*YOUR INSTRUCTIONS*
An exact copy of every record below is needed, with all pictures removed.
◇ ◇ ◇ ◇ ◇ ◇ ◇
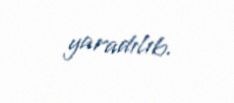
yaradılıb.
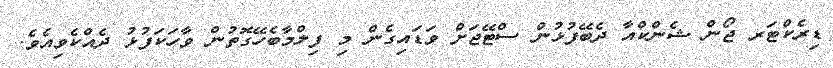
ޑިރެކްޓަރ ޖޯން ޝެންކްއާ ދެބޭފުޅުން ސްޓޭޖަށް ވަޑައިގެން މި ފިލްމާބެހޭގޮތުން ވާހަކަފުޅު ދެއްކެވިއެވެ.
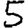
Digit: 5
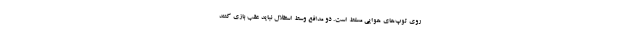
روی توپ‌های هوایی مسلط است. دو مدافع وسط استقلال نباید عقب بازی کنند
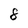
Character: 8
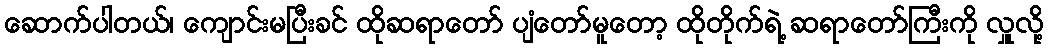
ဆောက်ပါတယ်၊ ကျောင်းမပြီးခင် ထိုဆရာတော် ပျံတော်မူတော့ ထိုတိုက်ရဲ့ ဆရာတော်ကြီးကို လှူလို့
◇ ◇ ◇ ◇ ◇ ◇ ◇
*RESPONSE BOX*
yaradılıb.
ޑިރެކްޓަރ ޖޯން ޝެންކްއާ ދެބޭފުޅުން ސްޓޭޖަށް ވަޑައިގެން މި ފިލްމާބެހޭގޮތުން ވާހަކަފުޅު ދެއްކެވިއެވެ.
Digit: 5
روی توپ‌های هوایی مسلط است. دو مدافع وسط استقلال نباید عقب بازی کنند
Character: 8
ဆောက်ပါတယ်၊ ကျောင်းမပြီးခင် ထိုဆရာတော် ပျံတော်မူတော့ ထိုတိုက်ရဲ့ ဆရာတော်ကြီးကို လှူလို့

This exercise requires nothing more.